**Problem details:**
In the records below, the part to copy starts at the line containing "Character: t" and goes to the last line; output it exactly, without pictures.

Task inputs below:

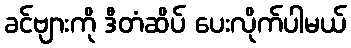
ခင်ဗျားကို ဒီတံဆိပ် ပေးလိုက်ပါမယ်
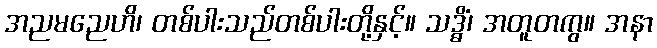
အညမညေဟိ၊ တစ်ပါးသည်တစ်ပါးတို့နှင့်။ သဒ္ဓိံ၊ အတူတကွ။ အနာ
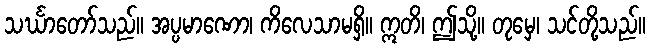
သင်္ဃာတော်သည်။ အပ္ပမာဏော၊ ကိလေသာမရှိ။ ဣတိ၊ ဤသို့။ တုမှေ၊ သင်တို့သည်။
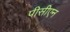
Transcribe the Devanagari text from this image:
पीसीएन
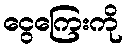
ငွေကြေးကို
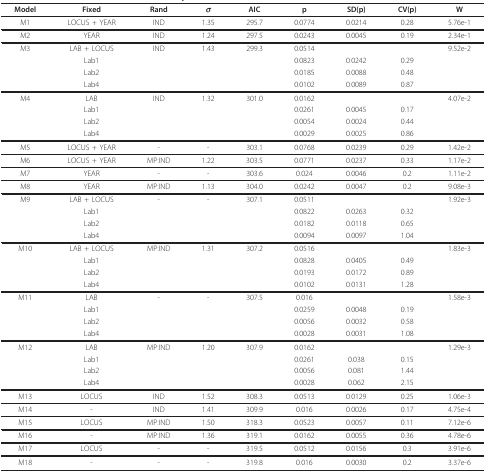
<table><thead><tr><td><b>Model</b></td><td><b>Fixed</b></td><td><b>Rand</b></td><td><b><i>σ</i></b></td><td><b>AIC</b></td><td><b>p</b></td><td><b>SD(p)</b></td><td><b>CV(p)</b></td><td><b>W</b></td></tr></thead><tbody><tr><td>M1</td><td>LOCUS + YEAR</td><td>IND</td><td>1.35</td><td>295.7</td><td>0.0774</td><td>0.0214</td><td>0.28</td><td>5.76e-1</td></tr><tr><td>M2</td><td>YEAR</td><td>IND</td><td>1.24</td><td>297.5</td><td>0.0243</td><td>0.0045</td><td>0.19</td><td>2.34e-1</td></tr><tr><td>M3</td><td>LAB + LOCUS</td><td>IND</td><td>1.43</td><td>299.3</td><td>0.0514</td><td></td><td></td><td>9.52e-2</td></tr><tr><td></td><td>Lab1</td><td></td><td></td><td></td><td>0.0823</td><td>0.0242</td><td>0.29</td><td></td></tr><tr><td></td><td>Lab2</td><td></td><td></td><td></td><td>0.0185</td><td>0.0088</td><td>0.48</td><td></td></tr><tr><td></td><td>Lab4</td><td></td><td></td><td></td><td>0.0102</td><td>0.0089</td><td>0.87</td><td></td></tr><tr><td>M4</td><td>LAB</td><td>IND</td><td>1.32</td><td>301.0</td><td>0.0162</td><td></td><td></td><td>4.07e-2</td></tr><tr><td></td><td>Lab1</td><td></td><td></td><td></td><td>0.0261</td><td>0.0045</td><td>0.17</td><td></td></tr><tr><td></td><td>Lab2</td><td></td><td></td><td></td><td>0.0054</td><td>0.0024</td><td>0.44</td><td></td></tr><tr><td></td><td>Lab4</td><td></td><td></td><td></td><td>0.0029</td><td>0.0025</td><td>0.86</td><td></td></tr><tr><td>M5</td><td>LOCUS + YEAR</td><td>-</td><td>-</td><td>303.1</td><td>0.0768</td><td>0.0239</td><td>0.29</td><td>1.42e-2</td></tr><tr><td>M6</td><td>LOCUS + YEAR</td><td>MP:IND</td><td>1.22</td><td>303.5</td><td>0.0771</td><td>0.0237</td><td>0.33</td><td>1.17e-2</td></tr><tr><td>M7</td><td>YEAR</td><td>-</td><td>-</td><td>303.6</td><td>0.024</td><td>0.0046</td><td>0.2</td><td>1.11e-2</td></tr><tr><td>M8</td><td>YEAR</td><td>MP:IND</td><td>1.13</td><td>304.0</td><td>0.0242</td><td>0.0047</td><td>0.2</td><td>9.08e-3</td></tr><tr><td>M9</td><td>LAB + LOCUS</td><td>-</td><td>-</td><td>307.1</td><td>0.0511</td><td></td><td></td><td>1.92e-3</td></tr><tr><td></td><td>Lab1</td><td></td><td></td><td></td><td>0.0822</td><td>0.0263</td><td>0.32</td><td></td></tr><tr><td></td><td>Lab2</td><td></td><td></td><td></td><td>0.0182</td><td>0.0118</td><td>0.65</td><td></td></tr><tr><td></td><td>Lab4</td><td></td><td></td><td></td><td>0.0094</td><td>0.0097</td><td>1.04</td><td></td></tr><tr><td>M10</td><td>LAB + LOCUS</td><td>MP:IND</td><td>1.31</td><td>307.2</td><td>0.0516</td><td></td><td></td><td>1.83e-3</td></tr><tr><td></td><td>Lab1</td><td></td><td></td><td></td><td>0.0828</td><td>0.0405</td><td>0.49</td><td></td></tr><tr><td></td><td>Lab2</td><td></td><td></td><td></td><td>0.0193</td><td>0.0172</td><td>0.89</td><td></td></tr><tr><td></td><td>Lab4</td><td></td><td></td><td></td><td>0.0102</td><td>0.0131</td><td>1.28</td><td></td></tr><tr><td>M11</td><td>LAB</td><td>-</td><td>-</td><td>307.5</td><td>0.016</td><td></td><td></td><td>1.58e-3</td></tr><tr><td></td><td>Lab1</td><td></td><td></td><td></td><td>0.0259</td><td>0.0048</td><td>0.19</td><td></td></tr><tr><td></td><td>Lab2</td><td></td><td></td><td></td><td>0.0056</td><td>0.0032</td><td>0.58</td><td></td></tr><tr><td></td><td>Lab4</td><td></td><td></td><td></td><td>0.0028</td><td>0.0031</td><td>1.08</td><td></td></tr><tr><td>M12</td><td>LAB</td><td>MP:IND</td><td>1.20</td><td>307.9</td><td>0.0162</td><td></td><td></td><td>1.29e-3</td></tr><tr><td></td><td>Lab1</td><td></td><td></td><td></td><td>0.0261</td><td>0.038</td><td>0.15</td><td></td></tr><tr><td></td><td>Lab2</td><td></td><td></td><td></td><td>0.0056</td><td>0.081</td><td>1.44</td><td></td></tr><tr><td></td><td>Lab4</td><td></td><td></td><td></td><td>0.0028</td><td>0.062</td><td>2.15</td><td></td></tr><tr><td>M13</td><td>LOCUS</td><td>IND</td><td>1.52</td><td>308.3</td><td>0.0513</td><td>0.0129</td><td>0.25</td><td>1.06e-3</td></tr><tr><td>M14</td><td>-</td><td>IND</td><td>1.41</td><td>309.9</td><td>0.016</td><td>0.0026</td><td>0.17</td><td>4.75e-4</td></tr><tr><td>M15</td><td>LOCUS</td><td>MP:IND</td><td>1.50</td><td>318.3</td><td>0.0523</td><td>0.0057</td><td>0.11</td><td>7.12e-6</td></tr><tr><td>M16</td><td>-</td><td>MP:IND</td><td>1.36</td><td>319.1</td><td>0.0162</td><td>0.0055</td><td>0.36</td><td>4.78e-6</td></tr><tr><td>M17</td><td>LOCUS</td><td>-</td><td>-</td><td>319.5</td><td>0.0512</td><td>0.0156</td><td>0.3</td><td>3.91e-6</td></tr><tr><td>M18</td><td>-</td><td>-</td><td>-</td><td>319.8</td><td>0.016</td><td>0.0030</td><td>0.2</td><td>3.37e-6</td></tr></tbody></table>
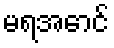
မရအောင်
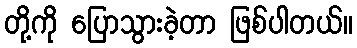
တို့ကို ပြောသွားခဲ့တာ ဖြစ်ပါတယ်။
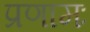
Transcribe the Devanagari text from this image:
प्रणामः
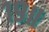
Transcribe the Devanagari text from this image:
१९॥
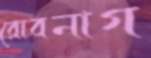
রোবনাগ
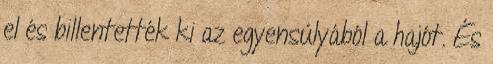
el és billentették ki az egyensúlyából a hajót. És
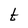
Character: t
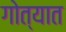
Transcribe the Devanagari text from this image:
गोत्यात
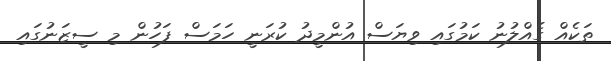
ތަކެއް ގެއްލުނު ކަމުގައި ވިޔަސް އުންމީދު ކުރަނީ ހަމަސް ފަހުން މި ސީޒަނުގައި
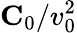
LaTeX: {\mathbf C}_{0}/v_{0}^{2}

End of Task inputs.

**Answer to this exercise:**
Character: t
Transcribe the Devanagari text from this image:
गोत्यात
ތަކެއް ގެއްލުނު ކަމުގައި ވިޔަސް އުންމީދު ކުރަނީ ހަމަސް ފަހުން މި ސީޒަނުގައި
LaTeX: {\mathbf C}_{0}/v_{0}^{2}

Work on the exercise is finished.